# Enter the drawing to win a set of these.....



## Jon Shafer (Dec 15, 2001)

RD Sport has graciously put a complete set of their super premium
C4 forged alloys on the table in support of our charity drawing...

Be sure to purchase lots of tickets at the event!

Thank you Federico...

:thumbup: :thumbup:

Unfortunately, Cutter Motors employees are not allowed to enter this drawing... :-((( I want 'em!


----------



## Jon Shafer (Dec 15, 2001)

All of our Bimmerfest vendors will be donating merchandise
which will be included in our drawing to benefit charity.

:thumbup: 


I will post more specific details very shortly.


----------



## Dr. Phil (Dec 19, 2001)

Does one need to be present to purchase tickets:dunno: 

Or where you considering a little magic (paypal perhaps) purchase option for some of the distant Fest members:hi: At a minimum I think the mod squad should be allowed to purchase a few :bigpimp: :bow: :bow:


----------



## BlackCell (Mar 11, 2003)

Jon,
could we get a ballpark idea of the ticket prices?
those rims are aweome. id love to get them.
ill start wishing on my lucky star...


----------



## Jon Shafer (Dec 15, 2001)

BlackCell said:


> *Jon,
> could we get a ballpark idea of the ticket prices?
> those rims are aweome. id love to get them.
> ill start wishing on my lucky star...  *


We haven't totally decided that yet ~+/- $10/ticket?
:dunno:

We'll have lots of goodies for our drawing.

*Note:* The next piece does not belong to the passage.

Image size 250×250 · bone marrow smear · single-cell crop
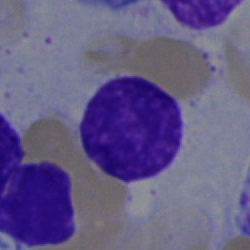 The cell shown is a lymphocyte.

Those wheels have a retail value of approx. $4K!


----------



## xs3x (Feb 28, 2002)

nice..!!! but the winning chances are slim because too many enthusiasts are attending

how about some 1:24 car models too?


----------



## Jon Shafer (Dec 15, 2001)

xs3x said:


> *
> 
> how about some 1:24 car models too?*


Vincent is donating a pair of 1/18 BMW models
for the drawing...

How did you know Jesse?


----------



## xs3x (Feb 28, 2002)

Jon Shafer said:


> *Vincent is donating a pair of 1/18 BMW models
> for the drawing...
> 
> How did you know Jesse? *


i didn't know..

it was just a suggestion


----------